Kolmogorov complexity




CS154

Chris Pollett

May 11, 2011

Outline

Information

Descriptions via TMs

Minimal Description Length

Definition. Let `x` be a binary string. The minimal description of `x`, `d(x)`, is the lexicographical first shortest string `langle M, w rangle` such that `M` on input `w` halts with `x` on the tape. We define `K(x) = |d(x)|`.

Theorem. `exists c forall x[K(x) leq |x| + c]`.

Proof. Let `M` be the machine that halts as soon as it starts. Then `langle M, x rangle` describes the string `x`. The length of `|M|` is some number `c`. From which we get that `K(x) leq |langle M, x rangle| leq |x| + c` as desired.

Some Inequalities Involving Minimal Description Length

Theorem. `exists c forall x[K(\x\x) leq K(x) + c]`.

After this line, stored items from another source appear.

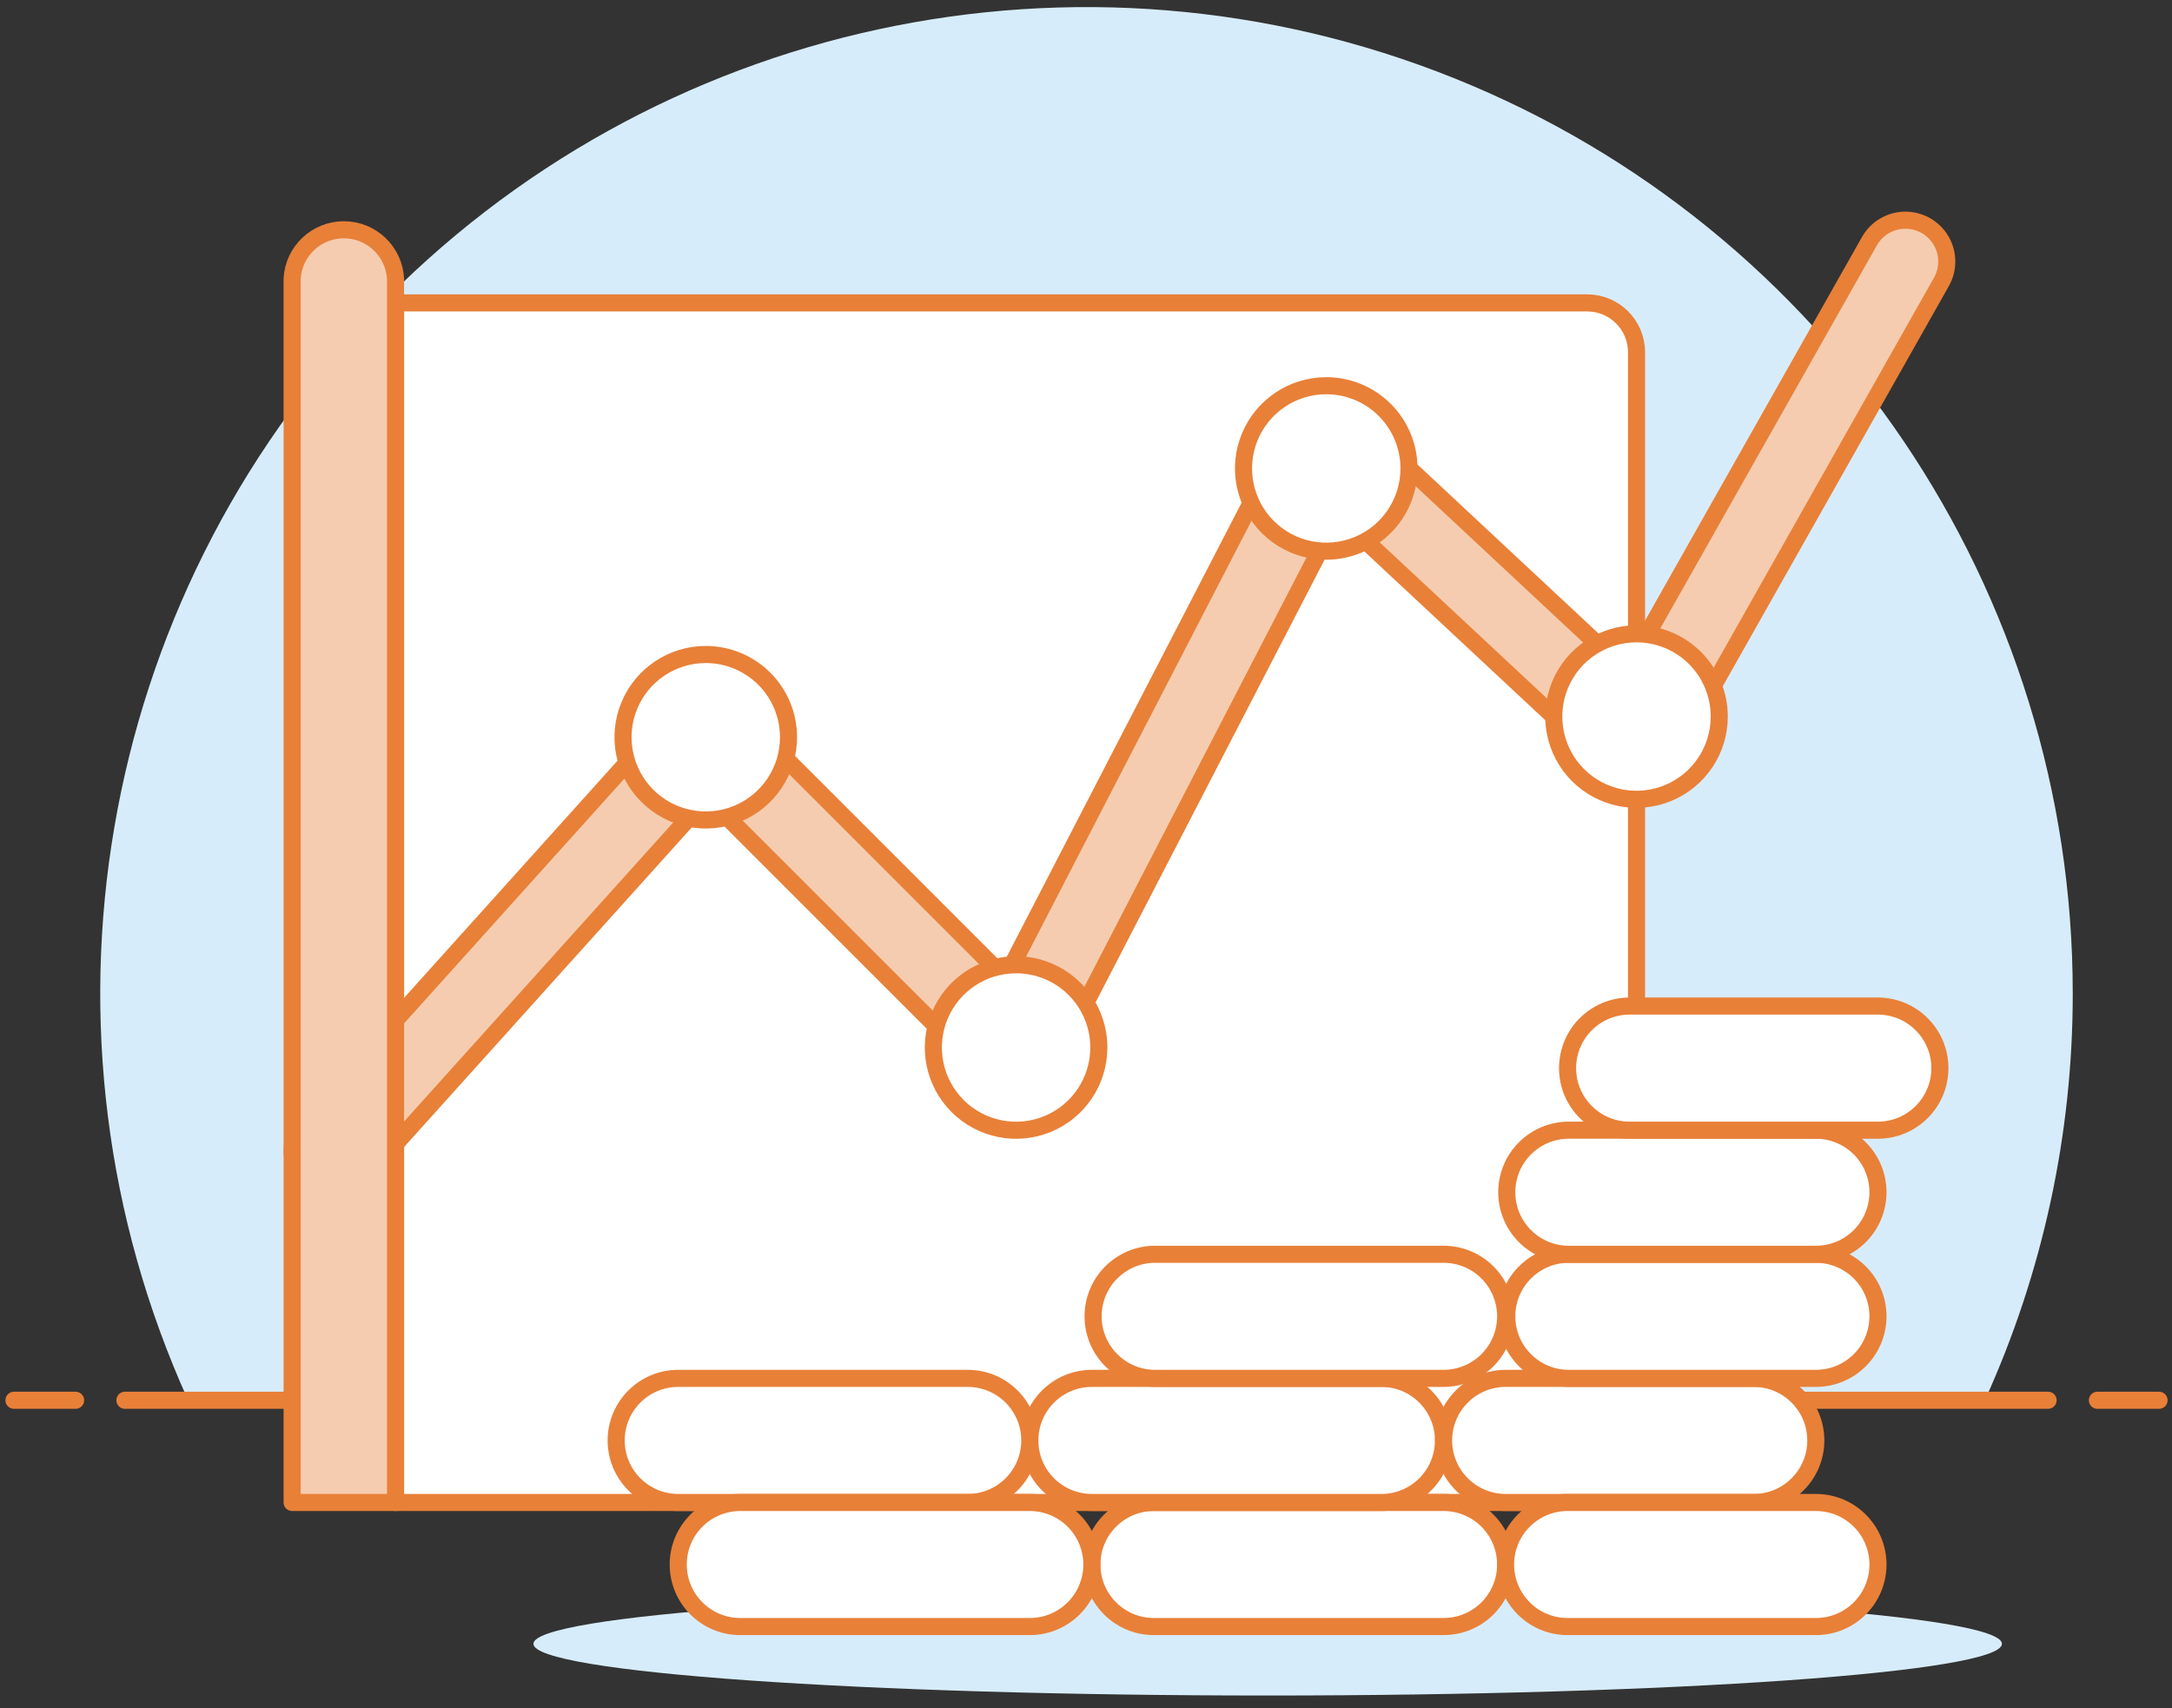<?xml version="1.0" encoding="UTF-8"?>
<svg width="178px" height="140px" viewBox="0 0 178 140" version="1.1" xmlns="http://www.w3.org/2000/svg" xmlns:xlink="http://www.w3.org/1999/xlink">
    <rect x="0" y="0" width="178" height="140" fill="#333333" stroke="none"/>
    <title>9A065ABE-E4E0-4AE5-AC36-03357B9C0D89</title>
    <g id="Page-1" stroke="none" stroke-width="1" fill="none" fill-rule="evenodd">
        <g id="Warehousing-part-2" transform="translate(-182, -901)">
            <g id="Uses" transform="translate(85, 761)">
                <g id="feature-text-copy-8" transform="translate(11, 140)">
                    <g id="Investment-decision" transform="translate(87, 0)">
                        <path d="M168.866,81.419 C168.87,48.407 148.798,18.71 118.164,6.407 C87.53,-5.897 52.493,1.667 29.662,25.511 C6.831,49.356 0.796,84.688 14.418,114.759 L161.664,114.759 C166.419,104.287 168.874,92.919 168.866,81.419 Z" id="Path" fill="#D7ECFA" fill-rule="nonzero"></path>
                        <line x1="9.237" y1="114.759" x2="166.845" y2="114.759" id="Path" stroke="#E88038" stroke-width="1.4" stroke-linecap="round" stroke-linejoin="round"></line>
                        <line x1="0.144" y1="114.759" x2="5.196" y2="114.759" id="Path" stroke="#E88038" stroke-width="1.4" stroke-linecap="round" stroke-linejoin="round"></line>
                        <line x1="170.887" y1="114.759" x2="175.938" y2="114.759" id="Path" stroke="#E88038" stroke-width="1.4" stroke-linecap="round" stroke-linejoin="round"></line>
                        <path d="M133.117,123.136 L31.415,123.136 L31.415,24.825 L129.076,24.825 C131.308,24.825 133.117,26.635 133.117,28.867 L133.117,123.136 Z" id="Path" fill="#FFFFFF" fill-rule="nonzero"></path>
                        <path d="M133.117,123.136 L31.415,123.136 L31.415,24.825 L129.076,24.825 C131.308,24.825 133.117,26.635 133.117,28.867 L133.117,123.136 Z" id="Path" stroke="#E88038" stroke-width="1.4" stroke-linecap="round" stroke-linejoin="round"></path>
                        <path d="M42.715,134.719 C42.715,137.059 69.656,138.956 102.889,138.956 C136.122,138.956 163.063,137.059 163.063,134.719 C163.063,132.379 136.122,130.481 102.889,130.481 C69.656,130.481 42.715,132.379 42.715,134.719 Z" id="Path" fill="#D7ECFA" fill-rule="nonzero"></path>
                        <path d="M122.392,128.22 C122.391,126.872 121.855,125.578 120.901,124.625 C119.947,123.671 118.653,123.136 117.304,123.136 L93.566,123.136 C90.758,123.136 88.482,125.413 88.482,128.22 C88.482,131.028 90.758,133.304 93.566,133.304 L117.296,133.304 C118.646,133.307 119.942,132.773 120.898,131.819 C121.854,130.865 122.391,129.571 122.392,128.22 Z" id="Path" fill="#FFFFFF" fill-rule="nonzero"></path>
                        <path d="M122.392,128.22 C122.391,126.872 121.855,125.578 120.901,124.625 C119.947,123.671 118.653,123.136 117.304,123.136 L93.566,123.136 C90.758,123.136 88.482,125.413 88.482,128.22 C88.482,131.028 90.758,133.304 93.566,133.304 L117.296,133.304 C118.646,133.307 119.942,132.773 120.898,131.819 C121.854,130.865 122.391,129.571 122.392,128.22 Z" id="Path" stroke="#E88038" stroke-width="1.4" stroke-linecap="round" stroke-linejoin="round"></path>
                        <path d="M117.296,118.053 C117.296,115.244 115.02,112.967 112.212,112.965 L88.482,112.965 C85.673,112.965 83.396,115.242 83.396,118.051 C83.396,120.859 85.673,123.136 88.482,123.136 L112.212,123.136 C115.019,123.135 117.295,120.86 117.296,118.053 Z" id="Path" fill="#FFFFFF" fill-rule="nonzero"></path>
                        <path d="M117.296,118.053 C117.296,115.244 115.02,112.967 112.212,112.965 L88.482,112.965 C85.673,112.965 83.396,115.242 83.396,118.051 C83.396,120.859 85.673,123.136 88.482,123.136 L112.212,123.136 C115.019,123.135 117.295,120.86 117.296,118.053 Z" id="Path" stroke="#E88038" stroke-width="1.4" stroke-linecap="round" stroke-linejoin="round"></path>
                        <path d="M83.394,118.053 C83.394,115.243 81.117,112.966 78.308,112.965 L54.582,112.965 C51.773,112.965 49.496,115.242 49.496,118.051 C49.496,120.859 51.773,123.136 54.582,123.136 L78.31,123.136 C81.117,123.135 83.393,120.86 83.394,118.053 Z" id="Path" fill="#FFFFFF" fill-rule="nonzero"></path>
                        <path d="M83.394,118.053 C83.394,115.243 81.117,112.966 78.308,112.965 L54.582,112.965 C51.773,112.965 49.496,115.242 49.496,118.051 C49.496,120.859 51.773,123.136 54.582,123.136 L78.31,123.136 C81.117,123.135 83.393,120.86 83.394,118.053 Z" id="Path" stroke="#E88038" stroke-width="1.4" stroke-linecap="round" stroke-linejoin="round"></path>
                        <path d="M88.482,128.22 C88.481,126.872 87.945,125.578 86.991,124.625 C86.037,123.671 84.743,123.136 83.394,123.136 L59.666,123.136 C56.858,123.136 54.582,125.413 54.582,128.22 C54.582,131.028 56.858,133.304 59.666,133.304 L83.394,133.304 C84.743,133.305 86.037,132.769 86.991,131.816 C87.945,130.863 88.481,129.569 88.482,128.22 Z" id="Path" fill="#FFFFFF" fill-rule="nonzero"></path>
                        <path d="M88.482,128.22 C88.481,126.872 87.945,125.578 86.991,124.625 C86.037,123.671 84.743,123.136 83.394,123.136 L59.666,123.136 C56.858,123.136 54.582,125.413 54.582,128.22 C54.582,131.028 56.858,133.304 59.666,133.304 L83.394,133.304 C84.743,133.305 86.037,132.769 86.991,131.816 C87.945,130.863 88.481,129.569 88.482,128.22 Z" id="Path" stroke="#E88038" stroke-width="1.4" stroke-linecap="round" stroke-linejoin="round"></path>
                        <path d="M122.392,107.879 C122.391,106.53 121.855,105.237 120.901,104.283 C119.947,103.33 118.653,102.794 117.304,102.795 L93.566,102.795 C90.797,102.85 88.581,105.11 88.581,107.88 C88.581,110.649 90.797,112.91 93.566,112.965 L117.296,112.965 C118.646,112.967 119.942,112.432 120.898,111.478 C121.854,110.524 122.391,109.229 122.392,107.879 L122.392,107.879 Z" id="Path" fill="#FFFFFF" fill-rule="nonzero"></path>
                        <path d="M122.392,107.879 C122.391,106.53 121.855,105.237 120.901,104.283 C119.947,103.33 118.653,102.794 117.304,102.795 L93.566,102.795 C90.797,102.85 88.581,105.11 88.581,107.88 C88.581,110.649 90.797,112.91 93.566,112.965 L117.296,112.965 C118.646,112.967 119.942,112.432 120.898,111.478 C121.854,110.524 122.391,109.229 122.392,107.879 L122.392,107.879 Z" id="Path" stroke="#E88038" stroke-width="1.4" stroke-linecap="round" stroke-linejoin="round"></path>
                        <path d="M147.809,118.053 C147.808,115.243 145.531,112.966 142.721,112.965 L122.392,112.965 C119.583,112.965 117.306,115.242 117.306,118.051 C117.306,120.859 119.583,123.136 122.392,123.136 L142.721,123.136 C145.53,123.136 147.807,120.861 147.809,118.053 Z" id="Path" fill="#FFFFFF" fill-rule="nonzero"></path>
                        <path d="M147.809,118.053 C147.808,115.243 145.531,112.966 142.721,112.965 L122.392,112.965 C119.583,112.965 117.306,115.242 117.306,118.051 C117.306,120.859 119.583,123.136 122.392,123.136 L142.721,123.136 C145.53,123.136 147.807,120.861 147.809,118.053 Z" id="Path" stroke="#E88038" stroke-width="1.4" stroke-linecap="round" stroke-linejoin="round"></path>
                        <path d="M152.903,128.22 C152.904,126.872 152.368,125.578 151.415,124.625 C150.461,123.671 149.168,123.136 147.819,123.136 L127.468,123.136 C124.66,123.136 122.384,125.413 122.384,128.22 C122.384,131.028 124.66,133.304 127.468,133.304 L147.809,133.304 C149.159,133.307 150.455,132.773 151.411,131.819 C152.367,130.866 152.904,129.571 152.903,128.22 L152.903,128.22 Z" id="Path" fill="#FFFFFF" fill-rule="nonzero"></path>
                        <path d="M152.903,128.22 C152.904,126.872 152.368,125.578 151.415,124.625 C150.461,123.671 149.168,123.136 147.819,123.136 L127.468,123.136 C124.66,123.136 122.384,125.413 122.384,128.22 C122.384,131.028 124.66,133.304 127.468,133.304 L147.809,133.304 C149.159,133.307 150.455,132.773 151.411,131.819 C152.367,130.866 152.904,129.571 152.903,128.22 L152.903,128.22 Z" id="Path" stroke="#E88038" stroke-width="1.4" stroke-linecap="round" stroke-linejoin="round"></path>
                        <path d="M152.903,107.879 C152.904,106.53 152.368,105.237 151.415,104.283 C150.461,103.33 149.168,102.794 147.819,102.795 L127.468,102.795 C124.699,102.85 122.483,105.11 122.483,107.88 C122.483,110.649 124.699,112.91 127.468,112.965 L147.809,112.965 C149.16,112.967 150.456,112.433 151.411,111.479 C152.367,110.524 152.904,109.229 152.903,107.879 Z" id="Path" fill="#FFFFFF" fill-rule="nonzero"></path>
                        <path d="M152.903,107.879 C152.904,106.53 152.368,105.237 151.415,104.283 C150.461,103.33 149.168,102.794 147.819,102.795 L127.468,102.795 C124.699,102.85 122.483,105.11 122.483,107.88 C122.483,110.649 124.699,112.91 127.468,112.965 L147.809,112.965 C149.16,112.967 150.456,112.433 151.411,111.479 C152.367,110.524 152.904,109.229 152.903,107.879 Z" id="Path" stroke="#E88038" stroke-width="1.4" stroke-linecap="round" stroke-linejoin="round"></path>
                        <path d="M152.903,97.711 C152.904,96.362 152.368,95.069 151.415,94.115 C150.461,93.161 149.168,92.625 147.819,92.625 L127.468,92.625 C124.699,92.68 122.483,94.941 122.483,97.71 C122.483,100.479 124.699,102.74 127.468,102.795 L147.809,102.795 C149.159,102.798 150.455,102.264 151.411,101.31 C152.367,100.356 152.904,99.061 152.903,97.711 L152.903,97.711 Z" id="Path" fill="#FFFFFF" fill-rule="nonzero"></path>
                        <path d="M152.903,97.711 C152.904,96.362 152.368,95.069 151.415,94.115 C150.461,93.161 149.168,92.625 147.819,92.625 L127.468,92.625 C124.699,92.68 122.483,94.941 122.483,97.71 C122.483,100.479 124.699,102.74 127.468,102.795 L147.809,102.795 C149.159,102.798 150.455,102.264 151.411,101.31 C152.367,100.356 152.904,99.061 152.903,97.711 L152.903,97.711 Z" id="Path" stroke="#E88038" stroke-width="1.4" stroke-linecap="round" stroke-linejoin="round"></path>
                        <path d="M157.977,87.539 C157.978,84.735 155.708,82.459 152.903,82.453 L132.551,82.453 C129.743,82.453 127.466,84.73 127.466,87.539 C127.466,90.348 129.743,92.625 132.551,92.625 L152.903,92.625 C155.708,92.62 157.978,90.344 157.977,87.539 Z" id="Path" fill="#FFFFFF" fill-rule="nonzero"></path>
                        <path d="M157.977,87.539 C157.978,84.735 155.708,82.459 152.903,82.453 L132.551,82.453 C129.743,82.453 127.466,84.73 127.466,87.539 C127.466,90.348 129.743,92.625 132.551,92.625 L152.903,92.625 C155.708,92.62 157.978,90.344 157.977,87.539 Z" id="Path" stroke="#E88038" stroke-width="1.4" stroke-linecap="round" stroke-linejoin="round"></path>
                        <path d="M26.332,97.711 C24.994,97.709 23.781,96.922 23.237,95.7 C22.692,94.478 22.916,93.049 23.81,92.053 L54.321,58.153 C54.943,57.461 55.822,57.054 56.753,57.03 C57.683,57.006 58.583,57.366 59.239,58.026 L81.383,80.172 L104.679,35.132 C105.167,34.19 106.069,33.53 107.115,33.349 C108.16,33.169 109.231,33.487 110.007,34.211 L132.281,55.003 L152.204,19.766 C152.8,18.712 153.913,18.057 155.124,18.046 C156.335,18.036 157.459,18.672 158.073,19.715 C158.687,20.758 158.698,22.05 158.102,23.104 L136.077,62.088 C135.566,62.991 134.668,63.611 133.642,63.768 C132.615,63.926 131.573,63.604 130.814,62.896 L108.652,42.219 L85.279,87.402 C84.783,88.363 83.857,89.03 82.788,89.196 C81.719,89.363 80.634,89.008 79.87,88.242 L56.97,65.345 L28.849,96.586 C28.209,97.303 27.293,97.713 26.332,97.711 Z" id="Path" stroke="#E88038" stroke-width="1.4" fill="#F5CCAF" fill-rule="nonzero" stroke-linejoin="round"></path>
                        <path d="M31.415,22.847 C31.295,20.595 29.434,18.831 27.178,18.831 C24.923,18.831 23.061,20.595 22.941,22.847 L22.941,123.136 L31.415,123.136 L31.415,22.847 Z" id="Path" stroke="#E88038" stroke-width="1.4" fill="#F5CCAF" fill-rule="nonzero" stroke-linecap="round" stroke-linejoin="round"></path>
                        <path d="M114.471,38.392 C114.471,41.135 112.819,43.607 110.284,44.657 C107.75,45.706 104.833,45.126 102.894,43.186 C100.955,41.246 100.375,38.329 101.425,35.795 C102.476,33.261 104.949,31.61 107.692,31.611 C109.49,31.611 111.215,32.325 112.486,33.597 C113.757,34.869 114.471,36.593 114.471,38.392 Z" id="Path" stroke="#E88038" stroke-width="1.4" fill="#FFFFFF" fill-rule="nonzero" stroke-linejoin="round"></path>
                        <path d="M139.896,58.725 C139.896,61.468 138.244,63.941 135.71,64.99 C133.176,66.04 130.259,65.459 128.319,63.52 C126.38,61.58 125.801,58.663 126.851,56.129 C127.901,53.595 130.374,51.943 133.117,51.944 C134.915,51.944 136.64,52.659 137.912,53.93 C139.183,55.202 139.897,56.927 139.896,58.725 L139.896,58.725 Z" id="Path" stroke="#E88038" stroke-width="1.4" fill="#FFFFFF" fill-rule="nonzero" stroke-linejoin="round"></path>
                        <path d="M89.052,85.844 C89.053,88.587 87.402,91.061 84.868,92.112 C82.334,93.163 79.416,92.583 77.476,90.644 C75.536,88.704 74.956,85.787 76.006,83.252 C77.056,80.718 79.529,79.066 82.272,79.067 C84.07,79.066 85.794,79.78 87.066,81.051 C88.337,82.322 89.052,84.046 89.052,85.844 Z" id="Path" stroke="#E88038" stroke-width="1.4" fill="#FFFFFF" fill-rule="nonzero" stroke-linejoin="round"></path>
                        <path d="M63.62,60.416 C63.622,63.16 61.97,65.634 59.436,66.685 C56.902,67.735 53.985,67.156 52.045,65.216 C50.104,63.277 49.524,60.359 50.574,57.825 C51.624,55.291 54.098,53.639 56.841,53.639 C58.639,53.639 60.363,54.353 61.634,55.624 C62.906,56.895 63.62,58.619 63.62,60.416 Z" id="Path" stroke="#E88038" stroke-width="1.4" fill="#FFFFFF" fill-rule="nonzero" stroke-linejoin="round"></path>
                    </g>
                </g>
            </g>
        </g>
    </g>
</svg>

Proof. Let `d(x) = langle M, w rangle` be a minimal description of `x`. Then `langle N, langle M,w rangle rangle` describes `\x\x`, where `N` is the machine which on input `langle M, w rangle` runs `M` on `w`, then writes the output of the simulation twice.

Using the same kind of idea one can show:

Theorem. `exists c forall x,y [K(xy) leq 2K(x) + K(y) + c]`.

Optimality of the Definition

Theorem. `forall x[K(x) leq K_p(x) + c]`.

Proof. Consider the machine `M` which on input `w` simulates the programming language `p` on input `w`, then outputs what that programming language would output. So `langle M, d_p(x) rangle` outputs `x` and this string is at most constantly longer than `K_p(x)`.

Incompressible Strings

Definition. Let `x` be a string. Say that `x` is `c`-compressible if `K(x) leq |x| - c`. If `x` is not `c`-compressible, we say that it is incompressible by `c`. If `x` is not `1`-compressible, we say that it is incompressible.

Theorem. Incompressible strings of every length exist.

Proof. The number of strings of length `n` is `2^n`. Each description is a binary string, so the number of descriptions of length less than `n` is at most the sum of the number of strings of each length up to `n-1`, or `1+2+4+8 + cdots + 2^{n-1} =2^n-1` which is less than the number of strings of length `n`. So some incompressible string of length `n` must exist.

Almost-all Properties and Incompressible Strings

We next show that computable properties that hold for almost all strings hold for all but finitely many incompressible strings. By holds for almost all strings, we mean the fraction of strings of length `n` on which it fails to hold approaches `0` as `n` gets larger.

Theorem. Let `f` be a computable property that holds for almost all strings. Then for any `b > 0`, the property `f` is FALSE on only finitely many strings that are incompressible by `b`.

Proof. Consider the following `M`:

`M = `"On input `i`, a binary integer:

  1. Find the `i`th string `s` where `f(s) =` FALSE, considering the strings ordered lexicographically.
  2. Output string `s`."

For any string `x`, let `i_x` be the position of `x` on a list of strings that don't have property `f`. So `langle M, i_x rangle` is a description of `x` and it has length `|i_x| + c` where `c= |langle M rangle|`. Fix `b > 0`. Choose `n` such that `1/2^{b+c+1}` fraction of strings of length `n` or less fail to have property `f`. By our definition of "holds for almost all strings" we can find such an `n`. Let `x` be a string of length at most `n` that fails to have property `f` (if it doesn't exists then property `f` holds of all `b`-incompressible strings of length `n` and we're done). As there are at most `2^{n+1} - 1` strings of length `n` or less, so
`i_x \leq (2^{n+1} -1)/(2^{b+c+1}) leq 2^{n-b-c}`.
Therefore, `|i_x| leq n - b - c` so `langle M, i_x rangle` is at most `(n-b-c) +c = n-b` and so `K(x) \leq n -b ` so `x` couldn't have been `b`-incompressible.